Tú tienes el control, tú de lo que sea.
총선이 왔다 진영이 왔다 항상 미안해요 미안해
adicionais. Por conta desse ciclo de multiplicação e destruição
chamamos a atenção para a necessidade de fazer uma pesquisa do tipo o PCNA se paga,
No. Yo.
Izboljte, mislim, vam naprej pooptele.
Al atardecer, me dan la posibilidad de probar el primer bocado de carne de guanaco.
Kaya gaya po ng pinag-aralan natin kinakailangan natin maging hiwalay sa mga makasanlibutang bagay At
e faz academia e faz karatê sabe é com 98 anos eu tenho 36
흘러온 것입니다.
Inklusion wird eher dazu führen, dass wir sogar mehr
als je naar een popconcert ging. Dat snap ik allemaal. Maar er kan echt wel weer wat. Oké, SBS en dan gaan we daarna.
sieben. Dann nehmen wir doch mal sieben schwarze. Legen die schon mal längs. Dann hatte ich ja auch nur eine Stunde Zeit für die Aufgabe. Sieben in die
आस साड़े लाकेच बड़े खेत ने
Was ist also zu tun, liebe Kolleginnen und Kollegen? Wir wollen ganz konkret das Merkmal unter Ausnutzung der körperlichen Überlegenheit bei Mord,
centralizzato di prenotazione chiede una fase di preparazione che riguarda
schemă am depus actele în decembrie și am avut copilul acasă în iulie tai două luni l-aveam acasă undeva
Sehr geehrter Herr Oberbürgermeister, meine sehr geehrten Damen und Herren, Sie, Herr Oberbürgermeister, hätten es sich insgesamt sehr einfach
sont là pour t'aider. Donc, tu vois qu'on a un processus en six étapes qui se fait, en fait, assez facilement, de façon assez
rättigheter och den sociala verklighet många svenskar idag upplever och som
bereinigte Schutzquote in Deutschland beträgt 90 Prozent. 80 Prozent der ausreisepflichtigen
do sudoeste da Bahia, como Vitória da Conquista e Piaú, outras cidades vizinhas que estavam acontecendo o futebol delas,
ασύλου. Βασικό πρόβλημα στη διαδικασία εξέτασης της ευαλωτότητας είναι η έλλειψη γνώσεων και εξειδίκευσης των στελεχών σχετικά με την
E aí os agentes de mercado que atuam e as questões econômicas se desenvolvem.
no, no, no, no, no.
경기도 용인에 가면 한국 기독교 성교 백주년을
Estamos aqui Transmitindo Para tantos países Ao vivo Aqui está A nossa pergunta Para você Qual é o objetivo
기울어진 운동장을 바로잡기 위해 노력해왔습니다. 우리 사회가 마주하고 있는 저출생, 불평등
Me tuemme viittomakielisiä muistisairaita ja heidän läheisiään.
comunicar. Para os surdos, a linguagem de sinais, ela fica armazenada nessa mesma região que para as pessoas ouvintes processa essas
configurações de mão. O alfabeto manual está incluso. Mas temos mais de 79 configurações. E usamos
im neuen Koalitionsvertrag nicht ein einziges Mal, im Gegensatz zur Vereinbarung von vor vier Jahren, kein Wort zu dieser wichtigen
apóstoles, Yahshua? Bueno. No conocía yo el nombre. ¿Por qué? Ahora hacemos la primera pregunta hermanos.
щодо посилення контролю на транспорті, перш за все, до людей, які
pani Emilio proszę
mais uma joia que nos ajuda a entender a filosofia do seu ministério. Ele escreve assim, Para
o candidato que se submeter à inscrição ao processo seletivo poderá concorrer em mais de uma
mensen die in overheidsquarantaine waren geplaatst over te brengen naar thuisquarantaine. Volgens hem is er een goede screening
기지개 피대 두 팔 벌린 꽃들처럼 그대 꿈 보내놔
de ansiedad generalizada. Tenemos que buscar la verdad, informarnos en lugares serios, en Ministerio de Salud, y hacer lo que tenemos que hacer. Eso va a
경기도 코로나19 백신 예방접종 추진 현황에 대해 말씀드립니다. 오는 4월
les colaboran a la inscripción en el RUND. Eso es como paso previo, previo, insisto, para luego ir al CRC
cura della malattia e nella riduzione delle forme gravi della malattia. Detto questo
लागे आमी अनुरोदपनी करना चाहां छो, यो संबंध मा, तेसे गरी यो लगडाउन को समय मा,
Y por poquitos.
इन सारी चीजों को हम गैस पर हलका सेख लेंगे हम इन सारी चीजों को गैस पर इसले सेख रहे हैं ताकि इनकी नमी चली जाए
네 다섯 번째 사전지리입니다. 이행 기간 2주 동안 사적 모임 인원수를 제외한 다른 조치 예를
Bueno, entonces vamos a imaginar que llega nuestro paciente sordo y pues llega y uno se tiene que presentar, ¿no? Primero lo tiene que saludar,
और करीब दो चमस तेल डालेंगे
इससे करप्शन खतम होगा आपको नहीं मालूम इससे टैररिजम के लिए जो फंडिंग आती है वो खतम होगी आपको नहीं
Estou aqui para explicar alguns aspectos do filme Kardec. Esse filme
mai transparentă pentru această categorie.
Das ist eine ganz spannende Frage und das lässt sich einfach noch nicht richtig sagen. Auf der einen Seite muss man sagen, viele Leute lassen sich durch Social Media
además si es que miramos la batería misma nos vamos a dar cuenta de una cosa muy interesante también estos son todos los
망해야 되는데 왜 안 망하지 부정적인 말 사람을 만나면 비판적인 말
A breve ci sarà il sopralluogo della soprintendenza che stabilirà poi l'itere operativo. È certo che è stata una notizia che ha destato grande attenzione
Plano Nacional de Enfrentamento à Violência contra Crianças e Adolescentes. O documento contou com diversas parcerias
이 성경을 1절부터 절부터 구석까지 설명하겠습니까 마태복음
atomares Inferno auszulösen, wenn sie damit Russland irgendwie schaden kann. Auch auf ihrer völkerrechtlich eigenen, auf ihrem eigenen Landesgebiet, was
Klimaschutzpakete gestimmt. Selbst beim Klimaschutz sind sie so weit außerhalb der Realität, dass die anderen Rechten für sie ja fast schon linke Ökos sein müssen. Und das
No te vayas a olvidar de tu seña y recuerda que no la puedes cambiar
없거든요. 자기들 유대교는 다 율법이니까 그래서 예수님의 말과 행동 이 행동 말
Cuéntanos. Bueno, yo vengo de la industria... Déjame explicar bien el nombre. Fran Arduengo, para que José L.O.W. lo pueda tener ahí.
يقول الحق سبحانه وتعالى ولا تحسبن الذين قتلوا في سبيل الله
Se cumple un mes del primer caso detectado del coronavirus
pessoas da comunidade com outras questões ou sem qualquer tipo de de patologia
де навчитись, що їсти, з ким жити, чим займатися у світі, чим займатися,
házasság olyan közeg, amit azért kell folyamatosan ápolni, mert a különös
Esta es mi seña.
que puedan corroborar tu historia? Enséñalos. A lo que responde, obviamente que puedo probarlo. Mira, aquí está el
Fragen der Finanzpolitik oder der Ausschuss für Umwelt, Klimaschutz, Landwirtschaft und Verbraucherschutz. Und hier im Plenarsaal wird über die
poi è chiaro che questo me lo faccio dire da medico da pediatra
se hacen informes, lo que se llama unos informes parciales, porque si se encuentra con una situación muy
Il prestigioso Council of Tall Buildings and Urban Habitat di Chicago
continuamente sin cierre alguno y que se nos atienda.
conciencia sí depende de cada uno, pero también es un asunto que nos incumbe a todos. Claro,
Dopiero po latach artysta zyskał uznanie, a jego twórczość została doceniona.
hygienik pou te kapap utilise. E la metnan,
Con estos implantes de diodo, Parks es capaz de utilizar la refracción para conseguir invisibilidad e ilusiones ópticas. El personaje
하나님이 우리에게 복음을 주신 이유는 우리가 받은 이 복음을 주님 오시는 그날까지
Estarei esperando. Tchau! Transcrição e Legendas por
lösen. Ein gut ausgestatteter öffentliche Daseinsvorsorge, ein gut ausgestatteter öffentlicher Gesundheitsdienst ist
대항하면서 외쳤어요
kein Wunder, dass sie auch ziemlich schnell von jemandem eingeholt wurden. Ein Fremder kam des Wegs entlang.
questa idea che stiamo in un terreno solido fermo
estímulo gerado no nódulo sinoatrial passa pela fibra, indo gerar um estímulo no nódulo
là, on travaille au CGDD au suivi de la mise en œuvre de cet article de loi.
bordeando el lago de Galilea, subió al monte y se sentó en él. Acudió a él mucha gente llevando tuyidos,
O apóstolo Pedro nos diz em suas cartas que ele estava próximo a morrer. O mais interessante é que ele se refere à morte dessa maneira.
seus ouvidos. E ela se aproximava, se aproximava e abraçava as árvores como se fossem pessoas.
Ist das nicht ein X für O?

▶ [TASK DETAILS]
Copy whichever lines in the listing above hold "pessoas".

▶ [ANSWER TO THIS EXERCISE]
comunicar. Para os surdos, a linguagem de sinais, ela fica armazenada nessa mesma região que para as pessoas ouvintes processa essas
pessoas da comunidade com outras questões ou sem qualquer tipo de de patologia
seus ouvidos. E ela se aproximava, se aproximava e abraçava as árvores como se fossem pessoas.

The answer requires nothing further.